I am also keeping an eye on Vispy, and would like to see a future when it's the primary non-web backend for Bokeh...
Check out bokeh. From their webpage:
>Bokeh is a Python interactive visualization library that targets modern web browsers for presentation. Its goal is to provide elegant, concise construction of novel graphics in the style of D3.js, but also deliver this capability with high-performance interactivity over very large or streaming datasets. Bokeh can help anyone who would like to quickly and easily create interactive plots, dashboards, and data applications.
It is being built by Continuum Analytics. They're a couple of years into it and are on a 0.5 version, so the API may be subject to changes. But it's starting to come together very nicely. They have samples on their site.
I've kinda tired of the Matplotlib API and have been meaning to check out bokeh for a long time.
Is there an good tutorial somewhere (for those coming from Matplotlib)? The one on their homepage is just a bunch of exercises.

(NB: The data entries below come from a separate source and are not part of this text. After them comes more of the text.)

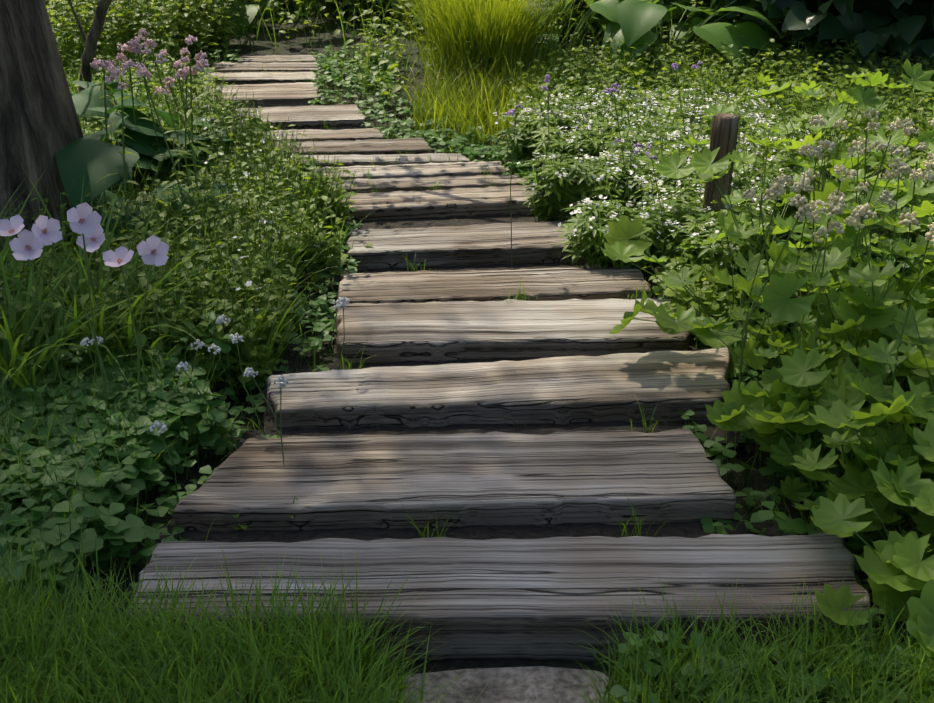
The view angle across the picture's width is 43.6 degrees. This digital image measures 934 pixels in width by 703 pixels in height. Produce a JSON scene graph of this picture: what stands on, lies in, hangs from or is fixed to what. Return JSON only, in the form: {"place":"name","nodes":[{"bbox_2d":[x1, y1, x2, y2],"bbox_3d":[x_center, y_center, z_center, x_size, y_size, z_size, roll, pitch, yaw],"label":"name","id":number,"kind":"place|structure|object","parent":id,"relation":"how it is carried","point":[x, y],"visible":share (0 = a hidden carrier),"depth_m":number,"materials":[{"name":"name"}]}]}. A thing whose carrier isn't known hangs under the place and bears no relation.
{"place":"outdoors","nodes":[
{"label":"outdoors","id":0,"kind":"place"},
{"bbox_2d":[0,202,168,266],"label":"flower petals","id":1,"kind":"object","parent":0,"point":[36,239],"visible":1,"depth_m":2.67,"materials":[{"name":"purple plant"}]},
{"bbox_2d":[9,219,155,262],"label":"flower centers","id":2,"kind":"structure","parent":1,"relation":"attached to","point":[80,220],"depth_m":2.66,"materials":[{"name":"plant"}]},
{"bbox_2d":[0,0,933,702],"bbox_3d":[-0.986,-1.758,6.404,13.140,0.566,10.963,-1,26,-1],"label":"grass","id":3,"kind":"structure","parent":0,"point":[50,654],"depth_m":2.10,"materials":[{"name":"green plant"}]},
{"bbox_2d":[48,0,932,701],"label":"ground","id":4,"kind":"structure","parent":0,"point":[298,44],"depth_m":3.67,"materials":[{"name":"black soil"}]},
{"bbox_2d":[0,0,83,282],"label":"tree trunk","id":5,"kind":"object","parent":4,"relation":"on","point":[40,127],"visible":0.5,"depth_m":3.65,"materials":[{"name":"brown plant"}]},
{"bbox_2d":[68,0,112,92],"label":"limbs","id":6,"kind":"object","parent":4,"relation":"on","point":[91,39],"visible":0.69,"depth_m":5.31,"materials":[{"name":"brown plant"}]},
{"bbox_2d":[90,28,208,94],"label":"pink flowers","id":7,"kind":"object","parent":4,"relation":"on","point":[112,69],"visible":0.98,"depth_m":3.74,"materials":[{"name":"plant"}]},
{"bbox_2d":[56,0,751,251],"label":"hosta","id":8,"kind":"object","parent":4,"relation":"on","point":[92,159],"visible":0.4,"depth_m":3.98,"materials":[{"name":"green plant"}]},
{"bbox_2d":[0,45,933,702],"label":"clover","id":9,"kind":"object","parent":4,"relation":"on","point":[136,457],"visible":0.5,"depth_m":2.73,"materials":[{"name":"green plant"}]},
{"bbox_2d":[0,0,933,702],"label":"vegetation","id":10,"kind":"object","parent":4,"relation":"on","point":[548,94],"depth_m":3.86,"materials":[{"name":"green plant"}]},
{"bbox_2d":[0,0,933,530],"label":"ground cover plants","id":11,"kind":"object","parent":4,"relation":"on","point":[712,306],"visible":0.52,"depth_m":4.30,"materials":[{"name":"green plant"}]},
{"bbox_2d":[372,0,583,150],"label":"ornamental grass","id":12,"kind":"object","parent":4,"relation":"on","point":[504,26],"visible":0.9,"depth_m":5.90,"materials":[{"name":"green plant"}]},
{"bbox_2d":[121,533,872,662],"bbox_3d":[0.071,0.486,2.314,1.438,0.117,0.284,0,26,-1],"label":"plank","id":13,"kind":"object","parent":4,"relation":"on","point":[506,598],"visible":0.56,"depth_m":2.26,"materials":[{"name":"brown wood"}]},
{"bbox_2d":[380,666,617,702],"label":"stone slab","id":14,"kind":"structure","parent":4,"relation":"on","point":[538,684],"depth_m":2.12,"materials":[{"name":"grey stone"}]},
{"bbox_2d":[186,0,813,72],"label":"large-leaved plant","id":15,"kind":"object","parent":4,"relation":"on","point":[631,23],"visible":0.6,"depth_m":6.25,"materials":[{"name":"green plant"}]},
{"bbox_2d":[135,57,875,633],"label":"soil","id":16,"kind":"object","parent":4,"relation":"on","point":[691,529],"visible":0.12,"depth_m":2.91,"materials":[{"name":"soil"}]},
{"bbox_2d":[199,72,316,85],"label":"plank","id":17,"kind":"object","parent":16,"relation":"on","point":[242,78],"visible":0.58,"depth_m":6.38,"materials":[{"name":"brown wood"}]},
{"bbox_2d":[204,82,320,109],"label":"plank","id":18,"kind":"object","parent":16,"relation":"on","point":[284,94],"visible":0.52,"depth_m":5.99,"materials":[{"name":"brown wood"}]},
{"bbox_2d":[211,62,318,76],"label":"plank","id":19,"kind":"object","parent":16,"relation":"on","point":[226,67],"visible":0.6,"depth_m":6.61,"materials":[{"name":"brown wood"}]},
{"bbox_2d":[235,55,316,62],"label":"plank","id":20,"kind":"object","parent":16,"relation":"on","point":[286,58],"visible":0.44,"depth_m":6.83,"materials":[{"name":"brown wood"}]},
{"bbox_2d":[235,104,366,129],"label":"plank","id":21,"kind":"object","parent":16,"relation":"on","point":[342,116],"visible":0.58,"depth_m":5.55,"materials":[{"name":"brown wood"}]},
{"bbox_2d":[262,128,383,141],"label":"plank","id":22,"kind":"object","parent":16,"relation":"on","point":[348,134],"visible":0.31,"depth_m":5.31,"materials":[{"name":"brown wood"}]},
{"bbox_2d":[269,138,434,154],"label":"plank","id":23,"kind":"object","parent":16,"relation":"on","point":[387,146],"visible":0.5,"depth_m":5.11,"materials":[{"name":"brown wood"}]},
{"bbox_2d":[291,153,470,171],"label":"plank","id":24,"kind":"object","parent":16,"relation":"on","point":[354,159],"visible":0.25,"depth_m":4.97,"materials":[{"name":"brown wood"}]},
{"bbox_2d":[308,161,508,183],"bbox_3d":[-0.242,-0.725,4.840,0.827,0.069,0.172,-3,26,-5],"label":"plank","id":25,"kind":"object","parent":16,"relation":"on","point":[428,170],"visible":0.35,"depth_m":4.81,"materials":[{"name":"brown wood"}]},
{"bbox_2d":[330,174,530,194],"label":"plank","id":26,"kind":"object","parent":16,"relation":"on","point":[409,183],"visible":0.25,"depth_m":4.66,"materials":[{"name":"brown wood"}]},
{"bbox_2d":[173,428,735,531],"bbox_3d":[-0.026,0.307,2.678,1.224,0.108,0.331,-1,26,-1],"label":"plank","id":27,"kind":"object","parent":16,"relation":"on","point":[495,478],"visible":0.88,"depth_m":2.59,"materials":[{"name":"brown wood"}]},
{"bbox_2d":[341,185,570,220],"bbox_3d":[-0.043,-0.567,4.505,0.917,0.079,0.201,-4,27,-6],"label":"plank","id":28,"kind":"object","parent":16,"relation":"on","point":[471,202],"visible":0.69,"depth_m":4.44,"materials":[{"name":"brown wood"}]},
{"bbox_2d":[346,221,593,269],"bbox_3d":[0.042,-0.373,4.106,0.934,0.078,0.306,-3,24,-6],"label":"plank","id":29,"kind":"object","parent":16,"relation":"on","point":[532,242],"visible":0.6,"depth_m":4.00,"materials":[{"name":"brown wood"}]},
{"bbox_2d":[337,267,650,304],"bbox_3d":[0.085,-0.181,3.700,0.984,0.090,0.251,-2,25,-3],"label":"plank","id":30,"kind":"object","parent":16,"relation":"on","point":[543,284],"visible":0.58,"depth_m":3.65,"materials":[{"name":"brown wood"}]},
{"bbox_2d":[267,347,730,429],"bbox_3d":[0.116,0.119,3.069,1.277,0.105,0.312,-2,25,-5],"label":"plank","id":31,"kind":"object","parent":16,"relation":"on","point":[602,388],"visible":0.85,"depth_m":2.99,"materials":[{"name":"brown wood"}]},
{"bbox_2d":[335,298,689,362],"bbox_3d":[0.138,-0.052,3.426,1.047,0.100,0.312,-1,26,-3],"label":"plank","id":32,"kind":"object","parent":16,"relation":"on","point":[433,331],"visible":0.73,"depth_m":3.33,"materials":[{"name":"brown wood"}]},
{"bbox_2d":[562,0,709,14],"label":"shrub","id":33,"kind":"object","parent":4,"relation":"on","point":[577,2],"depth_m":8.33,"materials":[{"name":"plant"}]},
{"bbox_2d":[354,0,933,93],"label":"large-leaved plant","id":34,"kind":"object","parent":4,"relation":"on","point":[870,30],"visible":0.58,"depth_m":6.16,"materials":[{"name":"green plant"}]},
{"bbox_2d":[493,88,827,290],"bbox_3d":[0.779,-0.695,4.519,1.263,0.210,2.072,-1,26,-1],"label":"woodruff","id":35,"kind":"object","parent":4,"relation":"on","point":[587,235],"visible":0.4,"depth_m":4.28,"materials":[{"name":"green plant"}]},
{"bbox_2d":[702,113,738,212],"bbox_3d":[0.827,-0.509,3.876,0.083,0.561,0.084,-8,27,-20],"label":"post","id":36,"kind":"object","parent":4,"relation":"on","point":[724,132],"visible":0.44,"depth_m":3.77,"materials":[{"name":"brown wood"}]},
{"bbox_2d":[600,59,933,656],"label":"leafy plant","id":37,"kind":"object","parent":4,"relation":"on","point":[883,471],"visible":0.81,"depth_m":2.71,"materials":[{"name":"green plant"}]},
{"bbox_2d":[797,0,933,80],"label":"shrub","id":38,"kind":"object","parent":4,"relation":"on","point":[915,7],"visible":0.08,"depth_m":6.17,"materials":[{"name":"green plant"}]},
{"bbox_2d":[505,61,702,159],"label":"purple flowers","id":39,"kind":"object","parent":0,"point":[605,91],"visible":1,"depth_m":3.82,"materials":[{"name":"purple plant"}]},
{"bbox_2d":[741,108,933,246],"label":"flower clusters","id":40,"kind":"object","parent":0,"point":[806,210],"visible":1,"depth_m":2.68,"materials":[{"name":"white plant"}]}
]}

Bokeh: Python library for novel, interactive, animated plots, in the browser. If you wanted to do customer, interesting d3-like plots but don't want to learn Javascript, and if you want to do it on really large datasets, then you are the target user Bokeh was designed for.
(There is also the beginnings of a Scala interface, and there is a Matplotlib compatibility layer that is actively being improved. See http://continuum.io/blog/bokeh-0.4.1)
Bokeh server doesn't run in Windows because it requires redis. The docs suggest that it works out-of-the-box with Anaconda, but apparently that's not the case. You said in a Google Groups thread that "in the next version of Bokeh we will be releasing a plot server that does not rely on redis". Which version would it be and when can we expect it to arrive?